— To do —
Using the records that appear below, write out exactly the lines from the one with "13.386C39.174 13.386 43.927" through the one with "60.192C41.931 60.192 43.763", keeping both end lines.

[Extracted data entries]
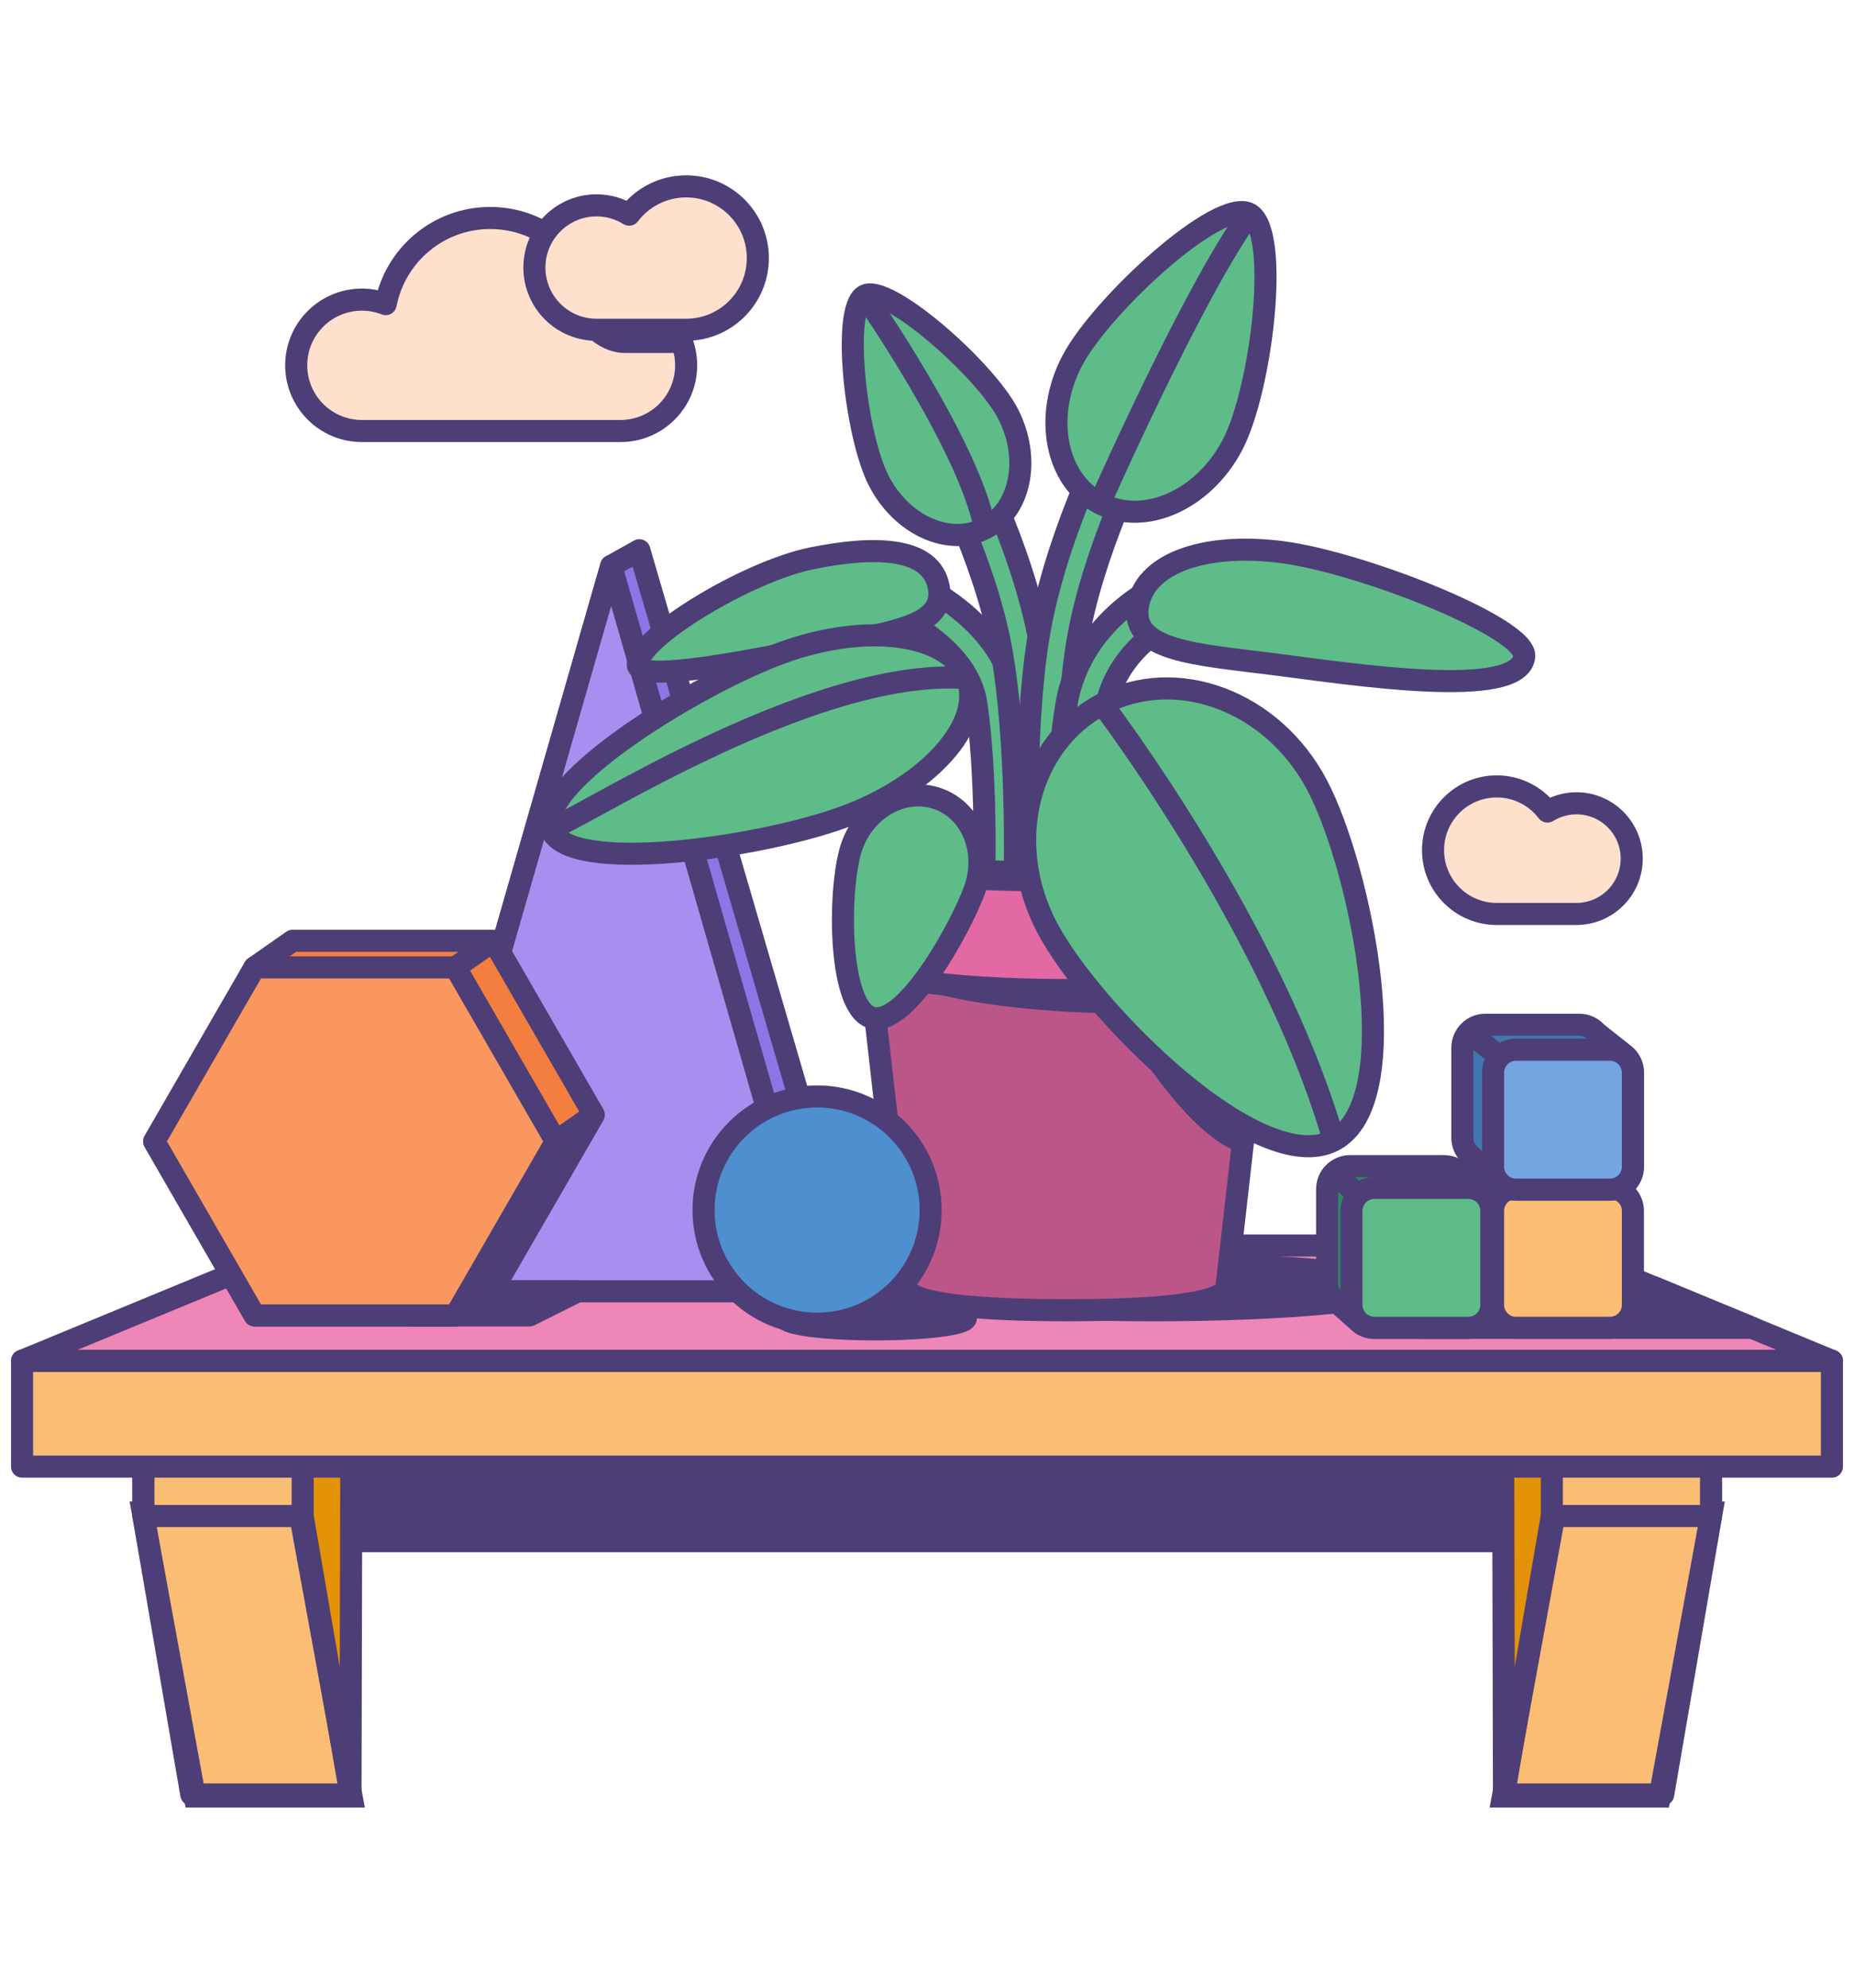 <?xml version="1.0" encoding="utf-8"?>
<svg xmlns="http://www.w3.org/2000/svg" width="84" height="90" viewBox="0 0 84 90" fill="none">
<path d="M13.713 64.757H10.105H6.498V68.643L8.666 81.253H15.88L15.919 64.757H13.713Z" fill="#E49307"/>
<path d="M15.929 81.345H8.826L6.471 68.483H13.575L15.929 81.345Z" fill="#FBBD74" stroke="#4D3E78" stroke-miterlimit="10"/>
<path d="M13.712 68.643L15.88 81.253" stroke="#4D3E78" stroke-miterlimit="10" stroke-linejoin="round"/>
<path d="M13.713 64.757H10.105H6.498V68.643L8.666 81.253H15.88L15.919 64.757H13.713Z" stroke="#4D3E78" stroke-miterlimit="10" stroke-linejoin="round"/>
<path d="M13.713 64.757H6.498V68.643H13.713V64.757Z" fill="#FBBD74" stroke="#4D3E78" stroke-miterlimit="10" stroke-linejoin="round"/>
<path d="M70.309 64.757H73.916H77.523V68.643L75.356 81.253H68.141L68.103 64.757H70.309Z" fill="#E49307"/>
<path d="M68.092 81.345H75.196L77.55 68.483H70.446L68.092 81.345Z" fill="#FBBD74" stroke="#4D3E78" stroke-miterlimit="10"/>
<path d="M70.309 68.643L68.141 81.253" stroke="#4D3E78" stroke-miterlimit="10" stroke-linejoin="round"/>
<path d="M70.309 64.757H73.916H77.523V68.643L75.356 81.253H68.141L68.103 64.757H70.309Z" stroke="#4D3E78" stroke-miterlimit="10" stroke-linejoin="round"/>
<path d="M77.523 64.757H70.309V68.643H77.523V64.757Z" fill="#FBBD74" stroke="#4D3E78" stroke-miterlimit="10" stroke-linejoin="round"/>
<path d="M83 61.615H1V66.407H83V61.615Z" fill="#FBBD74" stroke="#4D3E78" stroke-miterlimit="10" stroke-linejoin="round"/>
<path d="M70.35 56.395H67.416H13.65L1 61.615H67.416H83L70.35 56.395Z" fill="#EE86B7" stroke="#4D3E78" stroke-miterlimit="10" stroke-linejoin="round"/>
<path d="M68.098 66.504H15.73V70.284H68.098V66.504Z" fill="#4D3E78"/>
<path d="M38.403 57.215L28.967 24.914L27.692 25.626L18.256 58.468H37.128L38.403 57.215Z" fill="#8D75E6" stroke="#4D3E78" stroke-miterlimit="10" stroke-linejoin="round"/>
<path d="M27.692 25.626L18.256 58.469H27.692H37.128L27.692 25.626Z" fill="#A88FEF" stroke="#4D3E78" stroke-miterlimit="10" stroke-linejoin="round"/>
<path d="M26.905 50.478L22.355 42.598H13.256L11.536 43.802L6.986 51.682L11.536 59.562H20.635L22.355 58.358L26.905 50.478Z" fill="#F47E3F" stroke="#4D3E78" stroke-miterlimit="10" stroke-linejoin="round"/>
<path d="M26.177 58.468H18.618V59.562H23.988L26.177 58.468Z" fill="#4D3E78" stroke="#4D3E78" stroke-miterlimit="10" stroke-linejoin="round"/>
<path d="M11.536 59.562L6.986 51.682L11.536 43.802H20.635L25.185 51.682L20.635 59.562H11.536Z" fill="#FA975F" stroke="#4D3E78" stroke-miterlimit="10" stroke-linejoin="round"/>
<path d="M20.635 43.802L22.355 42.598" stroke="#4D3E78" stroke-miterlimit="10" stroke-linejoin="round"/>
<path d="M25.185 51.682L26.905 50.478" stroke="#4D3E78" stroke-miterlimit="10" stroke-linejoin="round"/>
<path d="M52.251 59.327C58.318 59.327 63.236 58.858 63.236 58.28C63.236 57.702 58.318 57.234 52.251 57.234C46.183 57.234 41.265 57.702 41.265 58.28C41.265 58.858 46.183 59.327 52.251 59.327Z" fill="#4D3E78" stroke="#4D3E78" stroke-miterlimit="10" stroke-linejoin="round"/>
<path d="M41.042 58.239C41.042 59.044 44.295 59.326 48.308 59.326C52.321 59.326 55.574 59.044 55.574 58.239L57.347 42.632C57.347 41.827 53.3 41.174 48.308 41.174C43.316 41.174 39.27 41.827 39.27 42.632L41.042 58.239Z" fill="#BC5689" stroke="#4D3E78" stroke-miterlimit="10" stroke-linejoin="round"/>
<path d="M58.107 39.581C58.107 38.776 53.72 38.123 48.308 38.123C42.896 38.123 38.509 38.776 38.509 39.581C38.509 40.158 38.509 42.794 38.509 43.372C38.509 44.176 42.896 44.829 48.308 44.829C53.72 44.829 58.107 44.176 58.107 43.372C58.107 42.794 58.107 40.158 58.107 39.581Z" fill="#E269A4" stroke="#4D3E78" stroke-miterlimit="10" stroke-linejoin="round"/>
<path d="M48.308 39.866C53.72 39.866 58.107 39.476 58.107 38.995C58.107 38.514 53.72 38.123 48.308 38.123C42.896 38.123 38.509 38.514 38.509 38.995C38.509 39.476 42.896 39.866 48.308 39.866Z" fill="#BC5689" stroke="#4D3E78" stroke-miterlimit="10" stroke-linejoin="round"/>
<path d="M40.874 44.47C40.874 44.47 44.58 46.501 57.206 45.724L57.08 44.231C57.08 44.231 47.218 44.948 40.874 44.47Z" fill="#4D3E78"/>
<path d="M46.37 39.496L44.598 39.448C44.599 39.405 44.709 35.041 44.234 31.852C43.827 29.111 40.161 27.685 40.124 27.671L40.751 26.012C40.941 26.084 45.427 27.814 45.989 31.591C46.486 34.935 46.375 39.311 46.37 39.496Z" fill="#5EBC89" stroke="#4D3E78" stroke-miterlimit="10"/>
<path d="M72.156 58.096C72.156 58.672 71.69 59.138 71.115 59.138H66.862C66.287 59.138 65.82 58.671 65.82 58.096V53.843C65.82 53.268 66.287 52.802 66.862 52.802H71.115C71.69 52.802 72.156 53.268 72.156 53.843V58.096Z" fill="#F0A848" stroke="#4D3E78" stroke-miterlimit="10" stroke-linejoin="round"/>
<path d="M74.919 58.28H64.399V60.123H79.385L74.919 58.28Z" fill="#4D3E78" stroke="#4D3E78" stroke-miterlimit="10" stroke-linejoin="round"/>
<path d="M66.149 53.097C65.962 52.914 65.706 52.802 65.424 52.802H61.171C60.595 52.802 60.129 53.268 60.129 53.843V58.096C60.129 58.379 60.241 58.635 60.424 58.823C60.614 59.017 61.383 59.688 61.588 59.867C61.771 60.026 62.01 60.123 62.272 60.123H66.525C67.1 60.123 67.566 59.657 67.566 59.082V54.829C67.566 54.555 67.461 54.306 67.288 54.121C67.098 53.915 66.331 53.274 66.149 53.097Z" fill="#2A8B5E" stroke="#4D3E78" stroke-miterlimit="10" stroke-linejoin="round"/>
<path d="M73.983 59.082C73.983 59.657 73.516 60.123 72.941 60.123H68.688C68.113 60.123 67.647 59.657 67.647 59.082V54.829C67.647 54.254 68.113 53.787 68.688 53.787H72.941C73.516 53.787 73.983 54.254 73.983 54.829V59.082Z" fill="#FBBD74" stroke="#4D3E78" stroke-miterlimit="10" stroke-linejoin="round"/>
<path d="M47.745 39.731C47.752 39.479 47.911 33.488 47.107 29.082C46.296 24.63 43.861 20.087 43.758 19.896L42.197 20.738C42.221 20.783 44.602 25.23 45.362 29.4C46.132 33.621 45.974 39.622 45.972 39.682L47.745 39.731Z" fill="#5EBC89" stroke="#4D3E78" stroke-miterlimit="10"/>
<path d="M72.289 46.707C72.101 46.517 71.839 46.399 71.55 46.399H67.298C66.722 46.399 66.256 46.866 66.256 47.441V51.52C66.256 51.807 66.373 52.068 66.561 52.256C66.749 52.445 67.76 53.363 67.942 53.551C68.132 53.745 68.396 53.866 68.689 53.866H72.942C73.517 53.866 73.983 53.4 73.983 52.824V48.572C73.983 48.288 73.87 48.031 73.686 47.843C73.497 47.649 72.476 46.895 72.289 46.707Z" fill="#4176B0" stroke="#4D3E78" stroke-miterlimit="10" stroke-linejoin="round"/>
<path d="M46.613 39.507C46.602 39.255 46.331 33.268 47.051 28.848C47.779 24.381 50.128 19.793 50.228 19.6L51.804 20.413C51.781 20.459 49.483 24.949 48.802 29.133C48.111 33.368 48.382 39.364 48.385 39.424L46.613 39.507Z" fill="#5EBC89" stroke="#4D3E78" stroke-miterlimit="10"/>
<path d="M44.151 40.303C43.523 42.025 40.982 46.621 39.451 46.064C37.92 45.506 37.979 40.005 38.606 38.282C39.233 36.56 40.984 35.616 42.515 36.174C44.045 36.731 44.778 38.58 44.151 40.303Z" fill="#5EBC89" stroke="#4D3E78" stroke-miterlimit="10" stroke-linejoin="round"/>
<path d="M48.577 16.338C49.893 13.827 55.255 8.886 56.62 9.69C58.02 10.517 57.156 17.636 55.84 20.146C54.523 22.657 51.831 23.839 49.825 22.787C47.82 21.736 47.261 18.848 48.577 16.338Z" fill="#5EBC89" stroke="#4D3E78" stroke-miterlimit="10" stroke-linejoin="round"/>
<path d="M39.807 21.754C38.769 19.724 38.12 13.979 39.175 13.386C40.183 12.818 44.642 16.722 45.679 18.752C46.717 20.781 46.244 23.099 44.622 23.928C43 24.757 40.844 23.783 39.807 21.754Z" fill="#5EBC89" stroke="#4D3E78" stroke-miterlimit="10" stroke-linejoin="round"/>
<path d="M48.11 39.185C48.092 39.044 47.672 35.701 48.318 31.894C49.027 27.713 53.063 26.203 53.235 26.14L53.843 27.807C53.711 27.855 50.6 29.043 50.066 32.191C49.466 35.725 49.865 38.925 49.869 38.958L48.11 39.185Z" fill="#5EBC89" stroke="#4D3E78" stroke-miterlimit="10"/>
<path d="M49.825 22.787C49.825 22.787 54.039 13.244 56.619 9.69" stroke="#4D3E78" stroke-miterlimit="10" stroke-linejoin="round"/>
<path d="M57.744 30.079C61.338 30.537 68.81 31.698 69.058 29.74C69.224 28.434 61.664 25.455 58.071 24.998C54.477 24.541 51.796 25.554 51.546 27.512C51.297 29.471 54.15 29.623 57.744 30.079Z" fill="#5EBC89" stroke="#4D3E78" stroke-miterlimit="10" stroke-linejoin="round"/>
<path d="M50.521 45.889C50.521 45.889 53.547 51.385 56.203 52.188L56.388 50.274C56.388 50.274 51.509 47.248 50.521 45.889Z" fill="#4D3E78"/>
<path d="M59.679 35.559C61.675 39.363 63.812 49.861 60.431 51.636C57.049 53.411 49.431 45.79 47.434 41.986C45.438 38.182 46.56 33.66 49.941 31.885C53.322 30.11 57.682 31.755 59.679 35.559Z" fill="#5EBC89" stroke="#4D3E78" stroke-miterlimit="10" stroke-linejoin="round"/>
<path d="M49.942 31.885C49.942 31.885 57.626 41.944 60.432 51.636" stroke="#4D3E78" stroke-miterlimit="10" stroke-linejoin="round"/>
<path d="M37.621 29.186C34.697 29.782 28.919 30.98 28.896 30.099C28.864 28.901 33.846 25.877 36.77 25.282C39.694 24.686 42.167 24.786 42.525 26.548C42.884 28.309 40.546 28.591 37.621 29.186Z" fill="#5EBC89" stroke="#4D3E78" stroke-miterlimit="10" stroke-linejoin="round"/>
<path d="M38.169 37.014C34.298 38.41 25.711 39.615 24.967 37.552C24.223 35.489 31.604 30.938 35.474 29.542C39.345 28.147 43.086 28.688 43.831 30.752C44.574 32.815 42.039 35.619 38.169 37.014Z" fill="#5EBC89" stroke="#4D3E78" stroke-miterlimit="10" stroke-linejoin="round"/>
<path d="M24.911 37.503C25.546 37.601 36.603 30.166 43.774 30.703" stroke="#4D3E78" stroke-miterlimit="10" stroke-linejoin="round"/>
<path d="M39.174 13.386C39.174 13.386 43.927 20.192 44.621 23.928" stroke="#4D3E78" stroke-miterlimit="10" stroke-linejoin="round"/>
<path d="M67.568 59.082C67.568 59.657 67.101 60.123 66.526 60.123H62.273C61.698 60.123 61.231 59.657 61.231 59.082V54.829C61.231 54.254 61.698 53.787 62.273 53.787H66.526C67.101 53.787 67.568 54.254 67.568 54.829V59.082Z" fill="#5EBC89" stroke="#4D3E78" stroke-miterlimit="10" stroke-linejoin="round"/>
<path d="M61.549 54.081L60.413 53.131" stroke="#4D3E78" stroke-miterlimit="10" stroke-linejoin="round"/>
<path d="M73.983 52.825C73.983 53.4 73.516 53.866 72.941 53.866H68.688C68.113 53.866 67.647 53.4 67.647 52.825V48.572C67.647 47.996 68.113 47.53 68.688 47.53H72.941C73.516 47.53 73.983 47.997 73.983 48.572V52.825Z" fill="#75A5E0" stroke="#4D3E78" stroke-miterlimit="10" stroke-linejoin="round"/>
<path d="M67.942 47.846L66.539 46.729" stroke="#4D3E78" stroke-miterlimit="10" stroke-linejoin="round"/>
<path d="M39.672 60.192C41.931 60.192 43.763 59.96 43.763 59.674C43.763 59.388 41.931 59.156 39.672 59.156C37.413 59.156 35.581 59.388 35.581 59.674C35.581 59.96 37.413 60.192 39.672 60.192Z" fill="#4D3E78" stroke="#4D3E78" stroke-miterlimit="10" stroke-linejoin="round"/>
<path d="M37.02 59.935C39.862 59.935 42.165 57.632 42.165 54.79C42.165 51.949 39.862 49.646 37.02 49.646C34.179 49.646 31.876 51.949 31.876 54.79C31.876 57.632 34.179 59.935 37.02 59.935Z" fill="#4E8FD0" stroke="#4D3E78" stroke-miterlimit="10" stroke-linejoin="round"/>
<path d="M28.114 13.567C27.7 13.567 27.307 13.651 26.949 13.803C26.531 11.565 24.569 9.87 22.209 9.87C19.862 9.87 17.907 11.548 17.476 13.77C17.14 13.639 16.776 13.567 16.395 13.567C14.752 13.567 13.42 14.899 13.42 16.541C13.42 18.184 14.752 19.516 16.395 19.516C17.433 19.516 20.917 19.516 22.209 19.516C23.529 19.516 27.053 19.516 28.114 19.516C29.757 19.516 31.088 18.184 31.088 16.541C31.089 14.899 29.757 13.567 28.114 13.567Z" fill="#FFE0CC" stroke="#4D3E78" stroke-miterlimit="10" stroke-linejoin="round"/>
<path d="M31.088 8.438C30.034 8.438 29.098 8.941 28.505 9.719C28.076 9.453 27.571 9.298 27.029 9.298C25.473 9.298 24.212 10.559 24.212 12.115C24.212 13.671 25.473 14.932 27.029 14.932C27.785 14.932 30.281 14.932 31.088 14.932C32.882 14.932 34.335 13.479 34.335 11.685C34.335 9.892 32.882 8.438 31.088 8.438Z" fill="#FFE0CC" stroke="#4D3E78" stroke-miterlimit="10" stroke-linejoin="round"/>
<path d="M67.814 35.608C68.751 35.608 69.584 36.054 70.111 36.746C70.493 36.511 70.942 36.372 71.423 36.372C72.807 36.372 73.929 37.494 73.929 38.877C73.929 40.261 72.807 41.383 71.423 41.383C70.752 41.383 68.532 41.383 67.814 41.383C66.219 41.383 64.927 40.09 64.927 38.495C64.927 36.9 66.219 35.608 67.814 35.608Z" fill="#FFE0CC" stroke="#4D3E78" stroke-miterlimit="10" stroke-linejoin="round"/>
<path d="M26.408 15.028C26.408 15.028 27.172 15.983 28.318 15.983C29.464 15.983 31.088 15.983 31.088 15.983L30.706 14.836L26.408 15.028Z" fill="#4D3E78"/>
</svg>

— Expected answer —
<path d="M39.174 13.386C39.174 13.386 43.927 20.192 44.621 23.928" stroke="#4D3E78" stroke-miterlimit="10" stroke-linejoin="round"/>
<path d="M67.568 59.082C67.568 59.657 67.101 60.123 66.526 60.123H62.273C61.698 60.123 61.231 59.657 61.231 59.082V54.829C61.231 54.254 61.698 53.787 62.273 53.787H66.526C67.101 53.787 67.568 54.254 67.568 54.829V59.082Z" fill="#5EBC89" stroke="#4D3E78" stroke-miterlimit="10" stroke-linejoin="round"/>
<path d="M61.549 54.081L60.413 53.131" stroke="#4D3E78" stroke-miterlimit="10" stroke-linejoin="round"/>
<path d="M73.983 52.825C73.983 53.4 73.516 53.866 72.941 53.866H68.688C68.113 53.866 67.647 53.4 67.647 52.825V48.572C67.647 47.996 68.113 47.53 68.688 47.53H72.941C73.516 47.53 73.983 47.997 73.983 48.572V52.825Z" fill="#75A5E0" stroke="#4D3E78" stroke-miterlimit="10" stroke-linejoin="round"/>
<path d="M67.942 47.846L66.539 46.729" stroke="#4D3E78" stroke-miterlimit="10" stroke-linejoin="round"/>
<path d="M39.672 60.192C41.931 60.192 43.763 59.96 43.763 59.674C43.763 59.388 41.931 59.156 39.672 59.156C37.413 59.156 35.581 59.388 35.581 59.674C35.581 59.96 37.413 60.192 39.672 60.192Z" fill="#4D3E78" stroke="#4D3E78" stroke-miterlimit="10" stroke-linejoin="round"/>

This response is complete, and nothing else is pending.